The data seems to be slightly out, just looking at the first line, and comparing that with the SciPY output:

[0]: [0. 0. 0.]
[1]: [ 0.30795933 -0.15593875 -0.93853239]
[2]: [ 0.61542705 -0.31236974 -1.87714317]

It also seems to be that SciPy returns the summed up columns to the point. For example, if we take the data from TinySpline, and sum up the columns, we get a similar output:

0                    0.30820827556315195  -0.15568720276894915 -0.9384930227595559
1.000000000000051    0.307509344708701    -0.1564302768067063  -0.9385985913393957

If we sum up the value of the preceeding lines, we get a similar output to SciPy:

1.000000000000051  0.61571762027  -0.31211747957  -1.8770916141

Is my usage of bisect correct?

Also I tried to insert 4 0s to try to get the same starting point as SciPy, but the result is still out:

0                    0.30820828474847434  -0.15568720740878936 -0.9384930507288276

Is my usage of bisect correct?

From what I see, your usage of Bisect looks good.

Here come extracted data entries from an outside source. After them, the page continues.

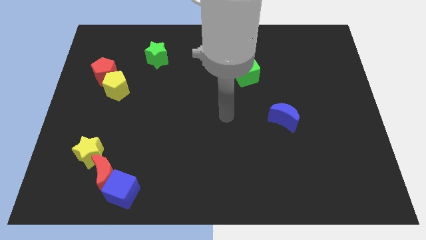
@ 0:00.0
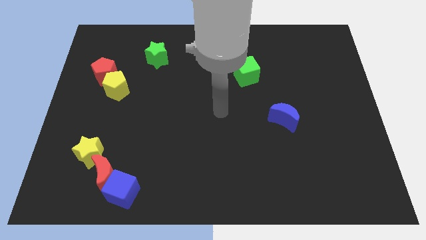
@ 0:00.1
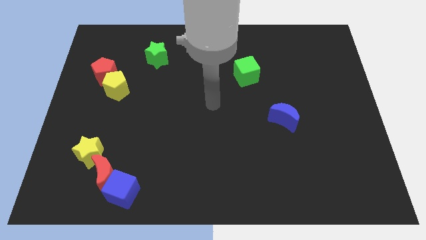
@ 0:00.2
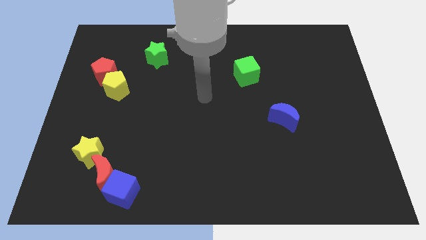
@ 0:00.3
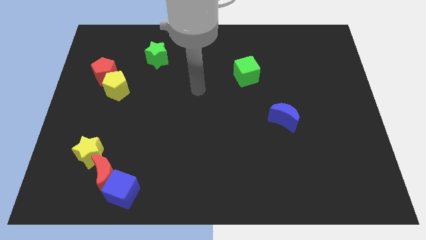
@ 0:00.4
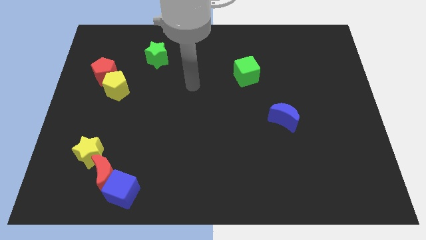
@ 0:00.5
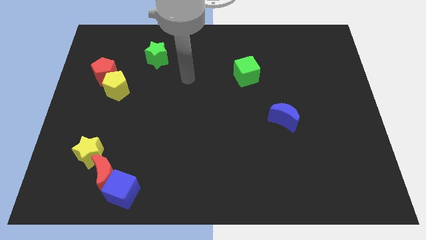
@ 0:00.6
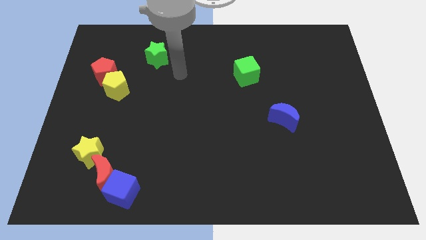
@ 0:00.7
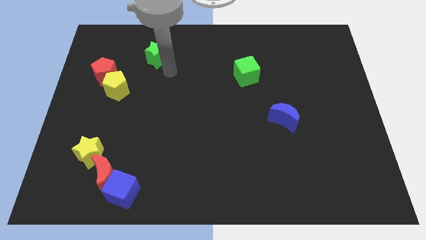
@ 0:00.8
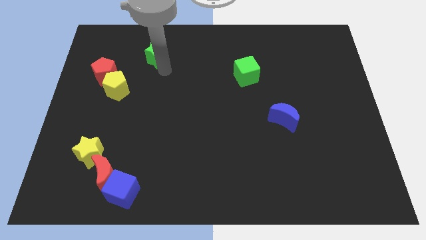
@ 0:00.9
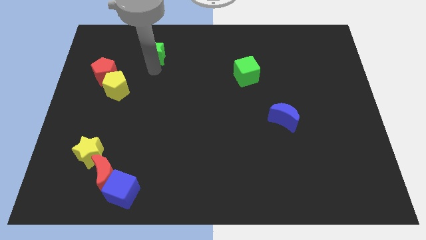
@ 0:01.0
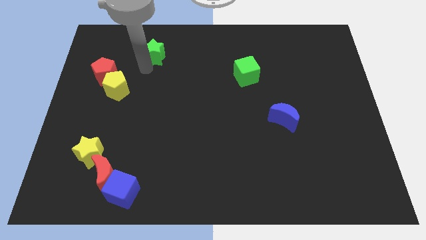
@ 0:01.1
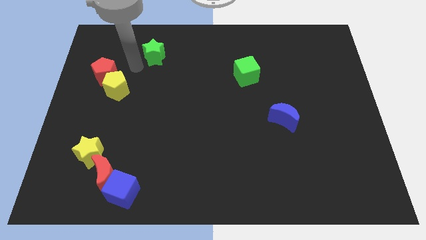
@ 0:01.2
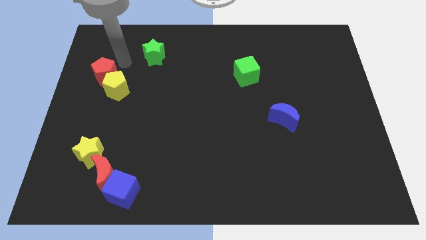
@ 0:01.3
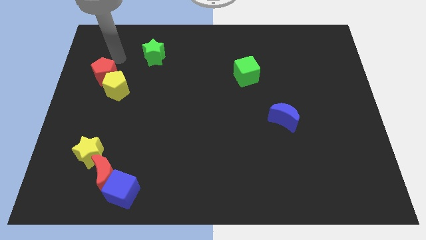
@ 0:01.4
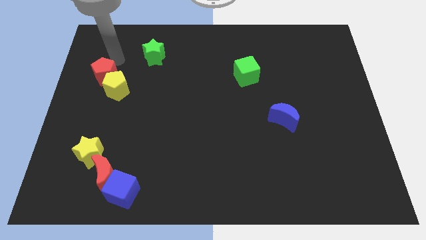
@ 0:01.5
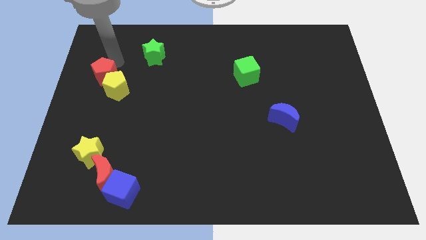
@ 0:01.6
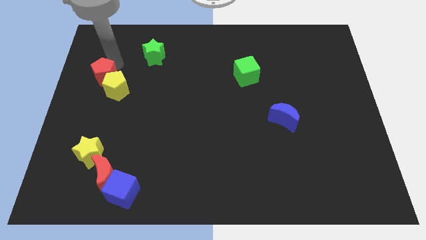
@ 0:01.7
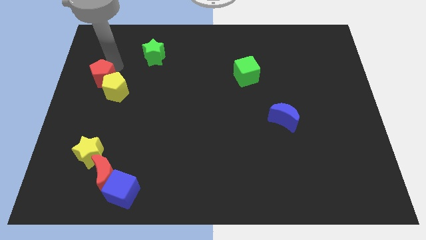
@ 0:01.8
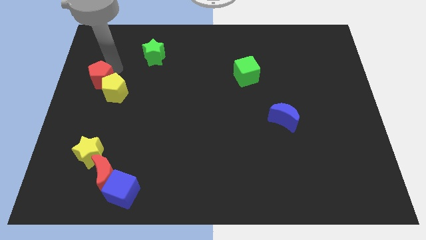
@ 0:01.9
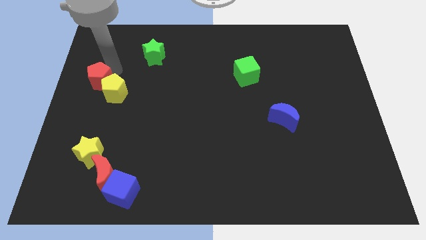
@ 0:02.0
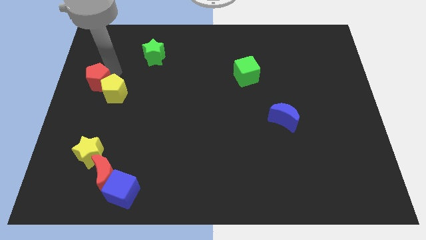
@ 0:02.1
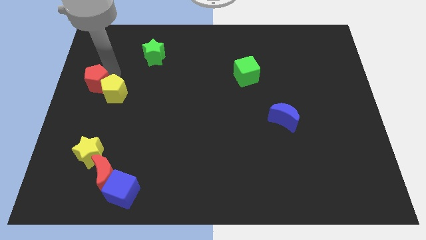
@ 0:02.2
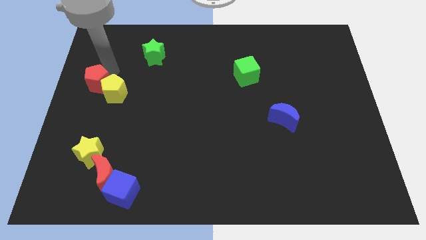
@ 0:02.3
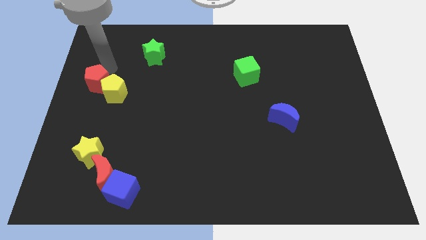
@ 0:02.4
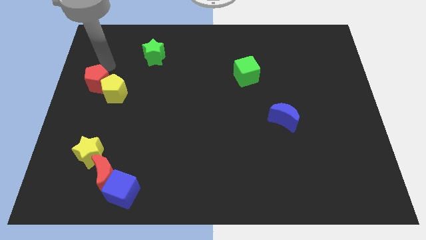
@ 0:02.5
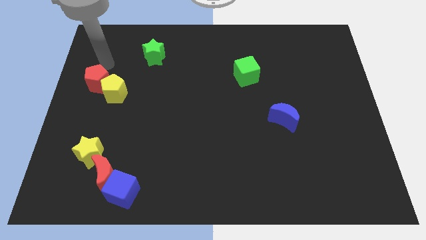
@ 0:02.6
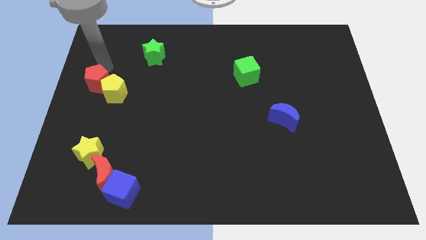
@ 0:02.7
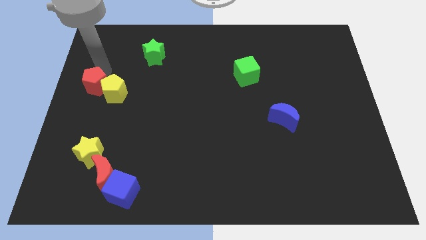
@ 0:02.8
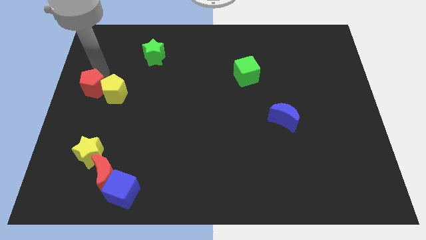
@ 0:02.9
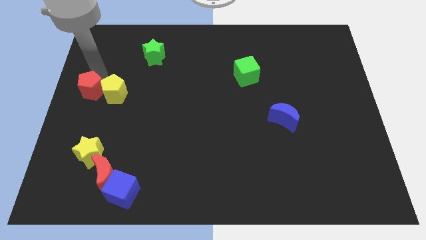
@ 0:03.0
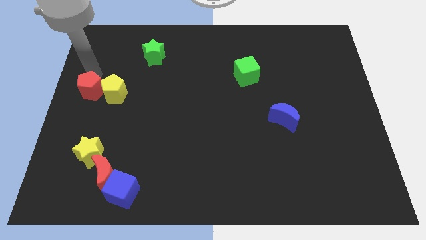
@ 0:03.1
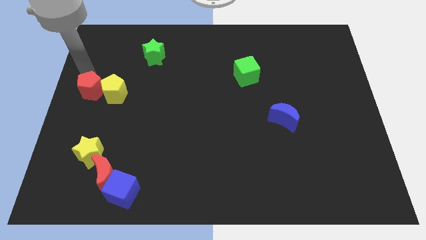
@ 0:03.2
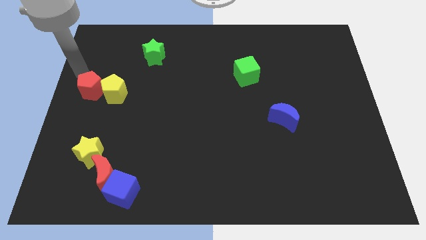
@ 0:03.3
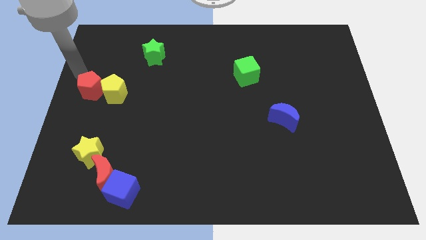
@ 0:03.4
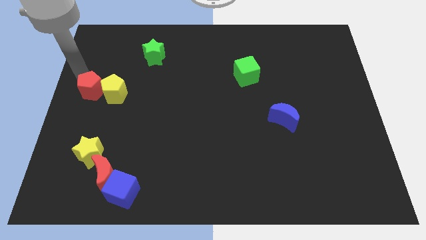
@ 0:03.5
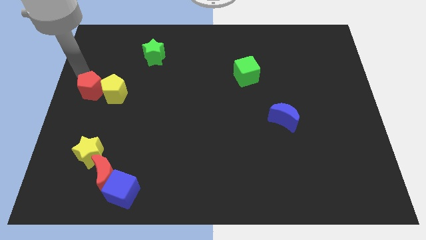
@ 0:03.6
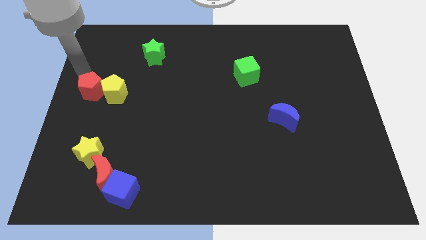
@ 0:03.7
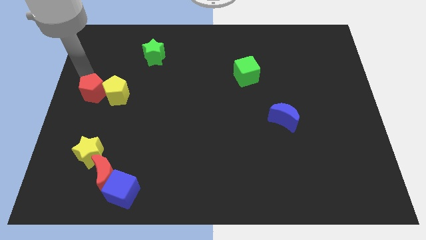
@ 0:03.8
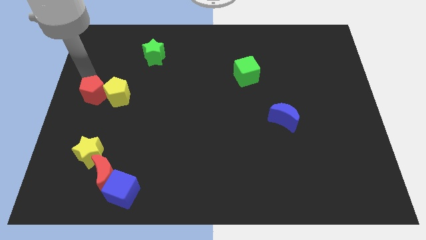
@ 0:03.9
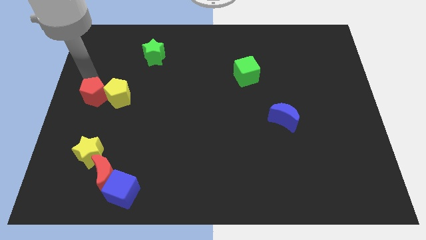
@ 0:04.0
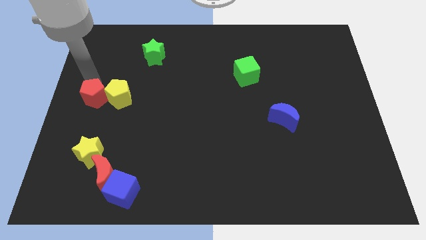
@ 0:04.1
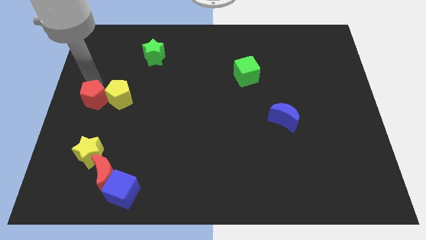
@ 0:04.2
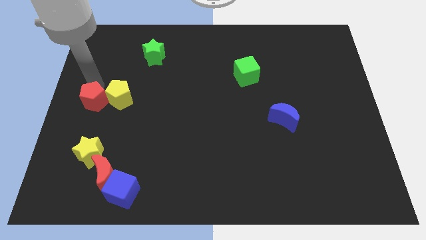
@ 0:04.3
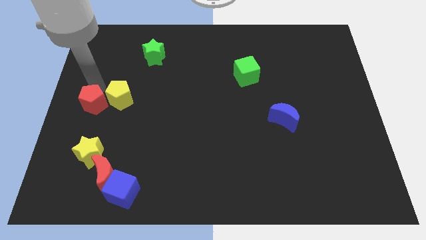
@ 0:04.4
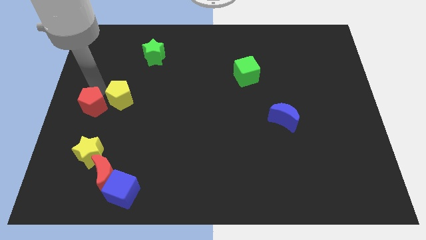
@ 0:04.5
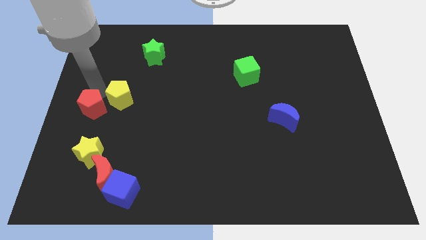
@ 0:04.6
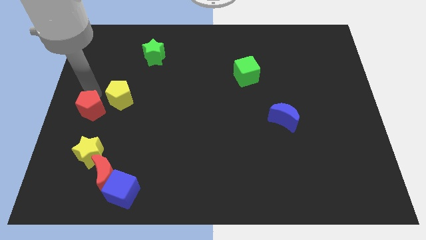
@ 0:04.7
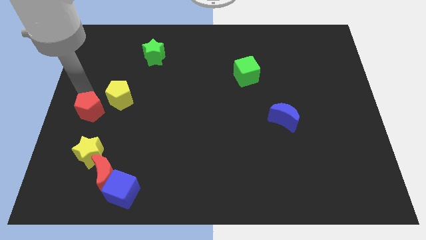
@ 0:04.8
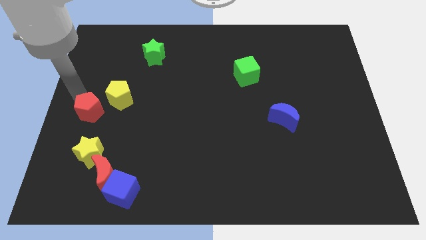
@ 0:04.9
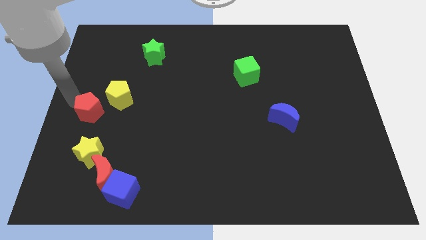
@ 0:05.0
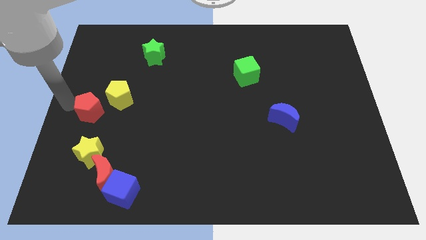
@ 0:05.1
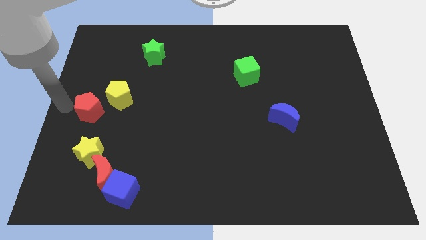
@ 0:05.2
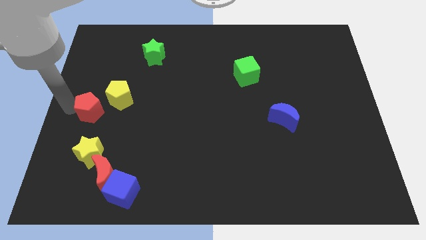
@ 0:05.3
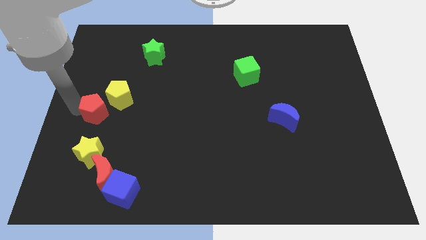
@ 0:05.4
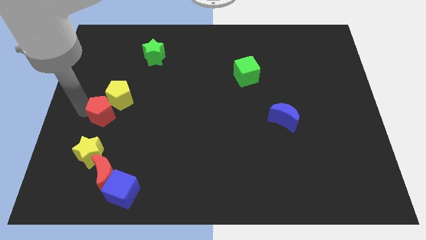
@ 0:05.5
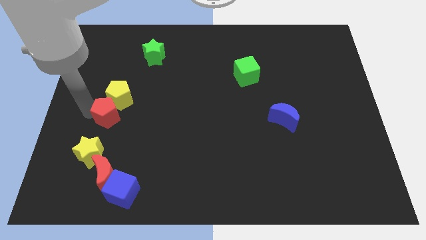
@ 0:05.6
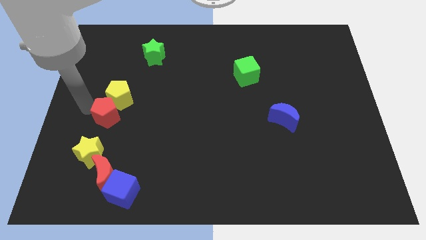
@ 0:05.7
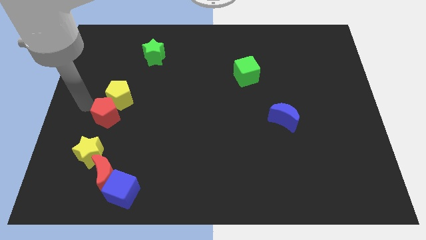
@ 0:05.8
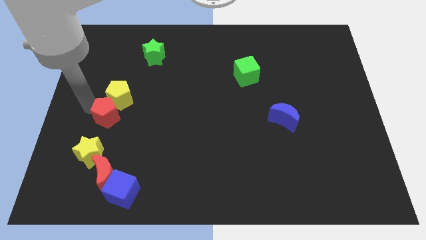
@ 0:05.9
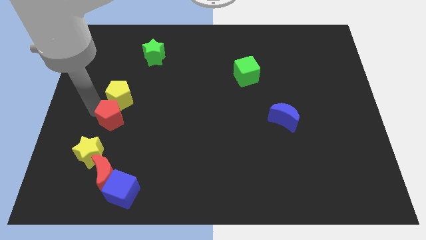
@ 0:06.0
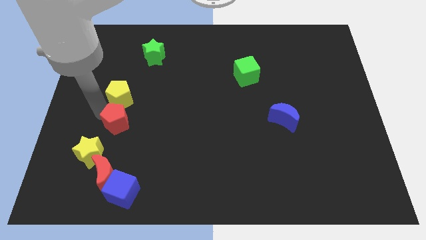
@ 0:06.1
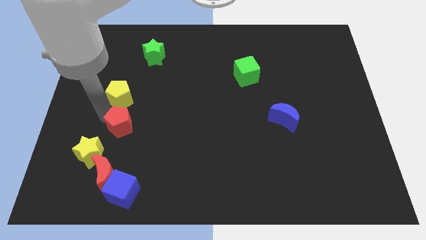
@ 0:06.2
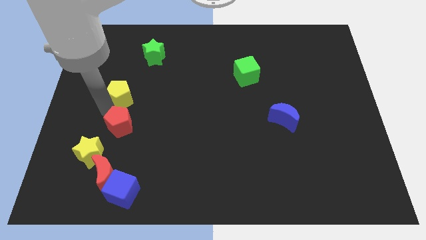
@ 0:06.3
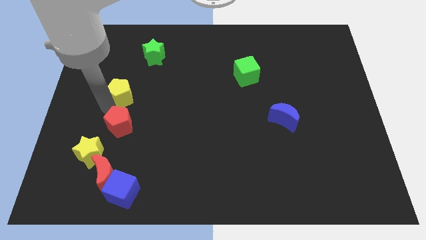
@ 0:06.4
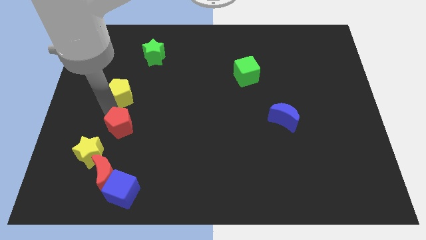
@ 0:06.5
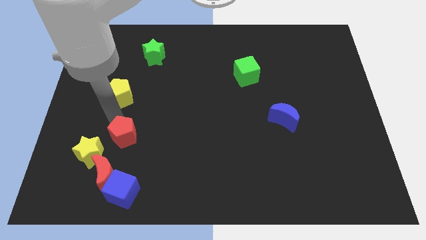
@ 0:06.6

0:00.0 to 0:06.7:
slide the red pentagon to the right side of the yellow star

The data seems to be slightly out, just looking at the first line, and comparing that with the SciPY output:

[0]: [0. 0. 0.]
[1]: [ 0.30795933 -0.15593875 -0.93853239]
[2]: [ 0.61542705 -0.31236974 -1.87714317]

I'm wondering why SciPY interpolates 2 as [ 0.61542705 -0.31236974 -1.87714317]. You input data says:

0    , 0.30820827556315195 , -0.15568720276894915, -0.9384930227595559
8    , 0.304552451379279   , -0.15921617393201867, -0.9390942520947091

Based on 0 -> 0.30820827556315195 and 8 -> 0.304552451379279 there is no reason for the interpolation to map 2 -> 0.61542705. The same is true for the remaining components.

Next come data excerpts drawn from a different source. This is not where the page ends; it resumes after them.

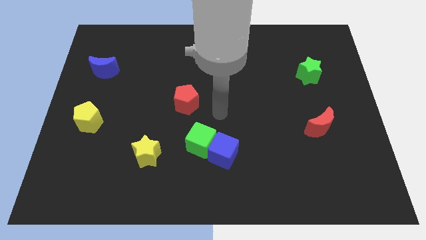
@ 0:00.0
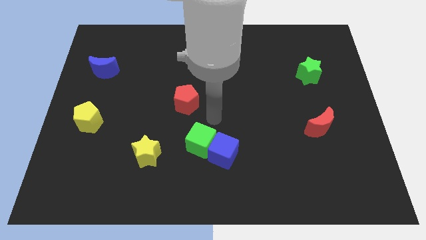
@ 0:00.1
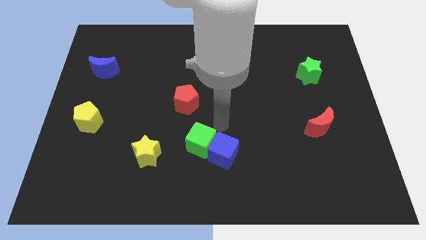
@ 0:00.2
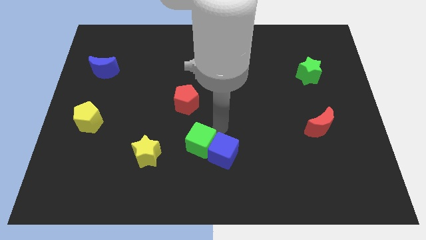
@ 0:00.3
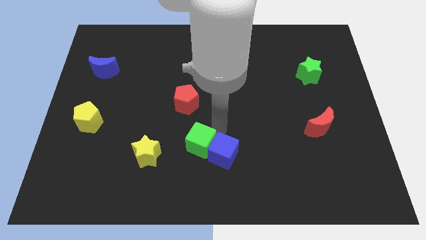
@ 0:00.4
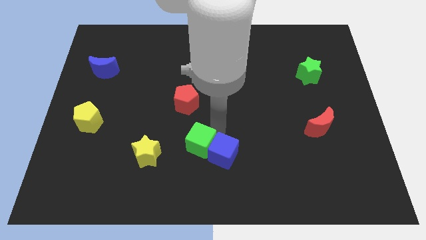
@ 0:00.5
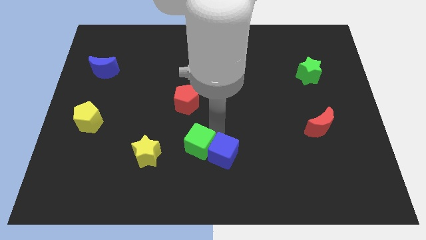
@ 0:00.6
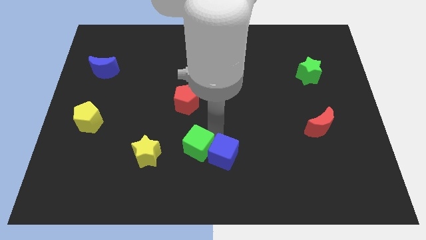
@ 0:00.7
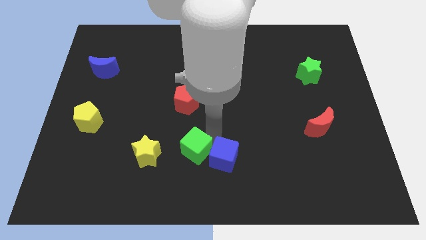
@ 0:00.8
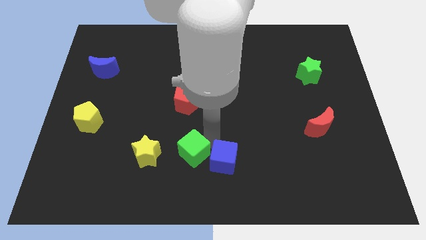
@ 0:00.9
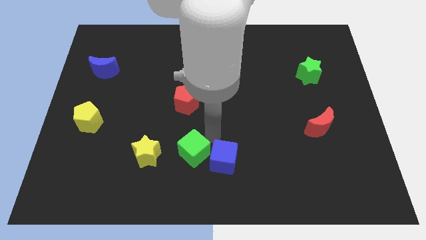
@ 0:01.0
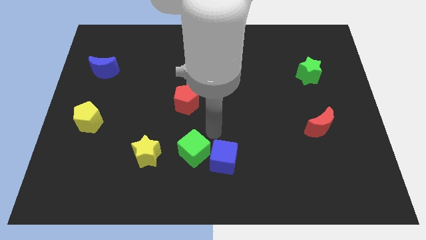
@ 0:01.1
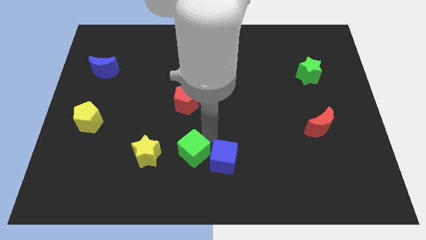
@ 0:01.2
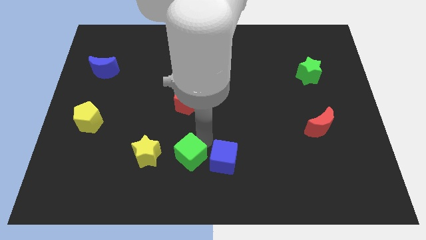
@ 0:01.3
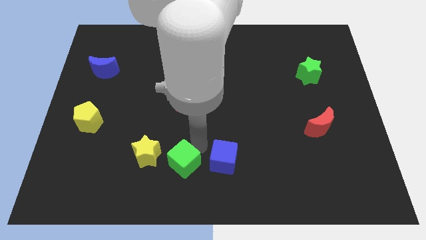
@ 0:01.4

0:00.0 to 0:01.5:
slide the green cube to the bottom right side of the yellow star

SciPy's interpolation of 2 includes the previous entries of 0 and 1 added to the value at 2.

SciPy seems to return a rolling total for every interpolation, which makes it very easy to take the data and draw 3D constructs from it, as you don't have to sum up all the points between two interpolated values.

Can you suggest any further changes that I could make to the code to get the results closer to the returned values from SciPy? I would like to if possible replicate the data exactly.

as you don't have to sum up all the points between two interpolated values.

This is not what I would call interpolation. Anyhow, SciPy is a mature library, so they know what they are doing :).

would like to if possible replicate the data exactly.

I doubt that. SciPy is using a special interpolation which is not implemented in TinySpline (yet). If you could provide the implementation details, I could have a look. As always, PRs are welcome. For now, you can only sum up the entries by your own. That said, the results will slightly differ as cubic natural spline interpolation has other objects than periodic interpolation.

I'm closing this issue. Don't hesitate to reopen it if necessary.